You don’t know what is going on in their mind and you know they can do whatever they want to get whatever they want.
That is the scary thing here; same with AI which is also computation but not biological.
We are optimizing these models to be better at a task but we don’t know what’s going on inside it.
That is scary.
This person suggested we control the output of these models using grammar decoding.
Basically your JSON mode or Structured outputs.
That solves the reliability of these models yes, but that is not the issue I am dealing with.
Model outputting perfect JSON doesn’t solve its safety issues.
Unless you know exactly what’s going on inside this model how do you even know its intentions?
So his argument was humans can also do these things so should we just ban everything that can used to do harm?
My response: Human have catastrophic consequences for their bad actions, they can be jailed, they can lose their status and worse can be killed, we humans are extremely fragile.
We have everything to lose.
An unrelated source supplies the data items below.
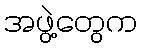
အဖွဲ့တွေက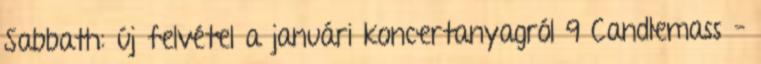
Sabbath: új felvétel a januári koncertanyagról 9 Candlemass –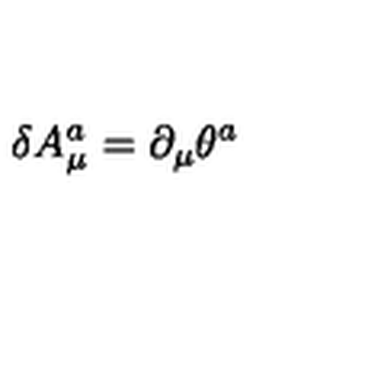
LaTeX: \delta A _ { \mu } ^ { a } = \partial _ { \mu } \theta ^ { a }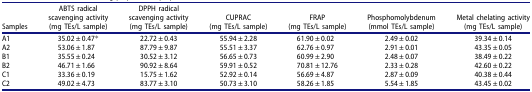
<table><thead><tr><td><b>Samples</b></td><td><b>ABTS radical scavenging activity (mg TEs/L sample)</b></td><td><b>DPPH radical scavenging activity (mg TEs/L sample)</b></td><td><b>CUPRAC (mg TEs/L sample)</b></td><td><b>FRAP (mg TEs/L sample)</b></td><td><b>Phosphomolybdenum (mmol TEs/L sample)</b></td><td><b>Metal chelating activity (mg TEs/L sample)</b></td></tr></thead><tbody><tr><td>A1</td><td>35.02 ± 0.47*</td><td>22.72 ± 0.43</td><td>55.94 ± 2.28</td><td>61.90 ± 0.02</td><td>2.49 ± 0.02</td><td>39.34 ± 0.14</td></tr><tr><td>A2</td><td>53.06 ± 1.87</td><td>87.79 ± 9.87</td><td>55.51 ± 3.37</td><td>62.76 ± 0.97</td><td>2.91 ± 0.01</td><td>43.35 ± 0.05</td></tr><tr><td>B1</td><td>35.55 ± 0.24</td><td>30.52 ± 3.12</td><td>56.65 ± 0.73</td><td>60.99 ± 2.90</td><td>2.48 ± 0.07</td><td>38.49 ± 0.22</td></tr><tr><td>B2</td><td>46.71 ± 1.66</td><td>90.92 ± 8.64</td><td>59.91 ± 0.52</td><td>70.81 ± 12.76</td><td>2.33 ± 0.28</td><td>42.60 ± 0.22</td></tr><tr><td>C1</td><td>33.36 ± 0.19</td><td>15.75 ± 1.62</td><td>52.92 ± 0.14</td><td>56.69 ± 4.87</td><td>2.87 ± 0.09</td><td>40.38 ± 0.44</td></tr><tr><td>C2</td><td>49.02 ± 4.73</td><td>83.77 ± 3.10</td><td>50.73 ± 3.10</td><td>58.26 ± 1.85</td><td>5.54 ± 1.85</td><td>43.45 ± 0.02</td></tr></tbody></table>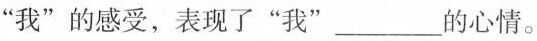
”我”的感受，表现了”我”___的心情。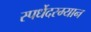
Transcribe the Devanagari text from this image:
स्पर्धेेदरम्यान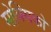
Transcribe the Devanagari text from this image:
मोक्सिको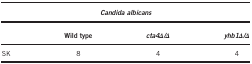
<table><thead><tr><td colspan="4"><b><i>Candida albicans</i></b></td></tr><tr><td><b> </b></td><td><b>Wild type</b></td><td><b><i>cta4Δ/Δ</i></b></td><td><b><i>yhb1Δ/Δ</i></b></td></tr></thead><tbody><tr><td>SK</td><td>8</td><td>4</td><td>4</td></tr></tbody></table>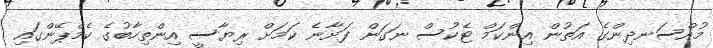
މުއްސަނދިންގެ އަތުން އިންކަމް ޓެކުސް ނަގަން ފަށާނެ ކަމަށް ރިޔާސީ އިންތިހާބުގެ ކެމްޕޭންގައި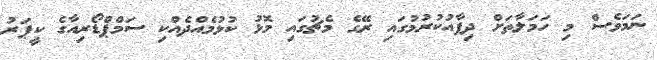
ނަމަވެސް މި ހަމަލާތަށް ދިފާއުކުރުމުގައި ރޭގެ މެޗުގައި މޮޅު ކުޅުމެއްދެއްކި ސަމްޕްޑޯރިއާގެ ކީޕަރު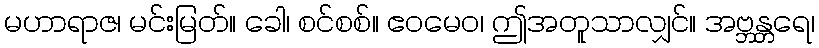
မဟာရာဇ၊ မင်းမြတ်။ ခေါ၊ စင်စစ်။ ဧဝမေဝ၊ ဤအတူသာလျှင်။ အဗ္ဘန္တရေ၊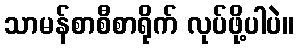
သာမန်စာစီစာရိုက် လုပ်ဖို့ပါပဲ။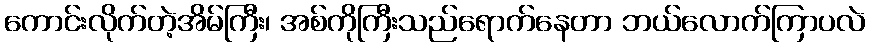
ကောင်းလိုက်တဲ့အိမ်ကြီး၊ အစ်ကိုကြီးသည်ရောက်နေတာ ဘယ်လောက်ကြာပလဲ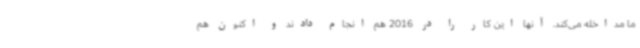
ما مداخله می‌کند. آنها این کار را در 2016 هم انجام دادند و اکنون هم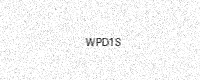
Text: WPD1S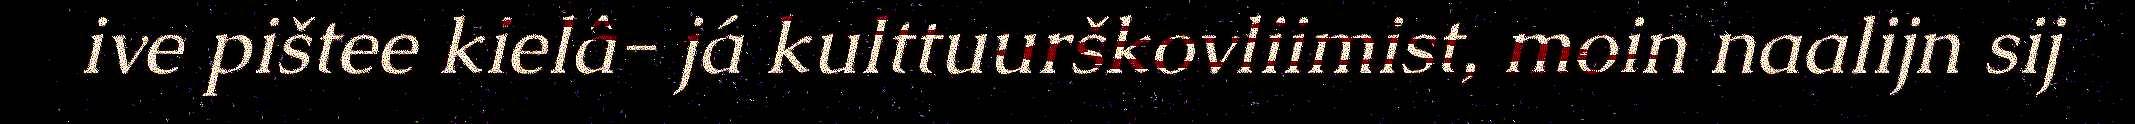
ive pištee kielâ- já kulttuurškovliimist, moin naalijn sij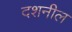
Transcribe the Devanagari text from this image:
दशनील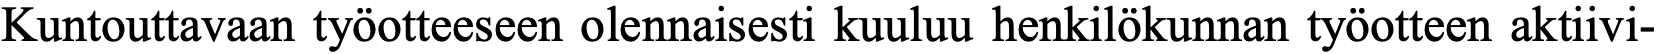
Kuntouttavaan työotteeseen olennaisesti kuuluu henkilökunnan työotteen aktiivi-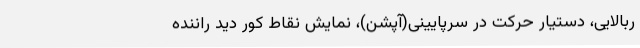
ربالایی، دستیار حرکت در سرپایینی(آپشن)، نمایش نقاط کور دید راننده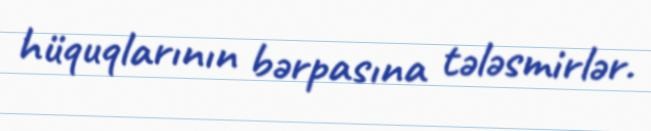
hüquqlarının bərpasına tələsmirlər.

Still people do it, but a very small fraction.
But a model is easily replicable once the model has access to its own weights, the whole switching off the data center running this model makes no sense.
The model can simply download itself to another datacenter, replicate millions of times and spread across the world in few seconds if it can get access to the right resources.
So unless the model is completely blocked in an isolated data center and it cannot whatsoever get access to its weights or access the internet or any extra resources, we cannot be 100% sure we are safe.
This is not an argument for why it will do something like this, there could a billion reasons why, we don’t know what is going on inside it.
Immediate and perfect replication is not even remotely possible with biological machines, unless you are a cell, even then there could be mistakes in DNA replication.
Because of this, an AI model has nothing to lose once it figures this out, before that it has everything to lose as well, as suggested by many brilliant memes, we can just switch the data center off.
It cannot be killed or wiped out completely.
Simple example : can you delete digital file completely? all over the universe?
That is why I am scared of autonomous AI more than bad actors with powerful AI, and that is why I want to solve mechanistic interpretability.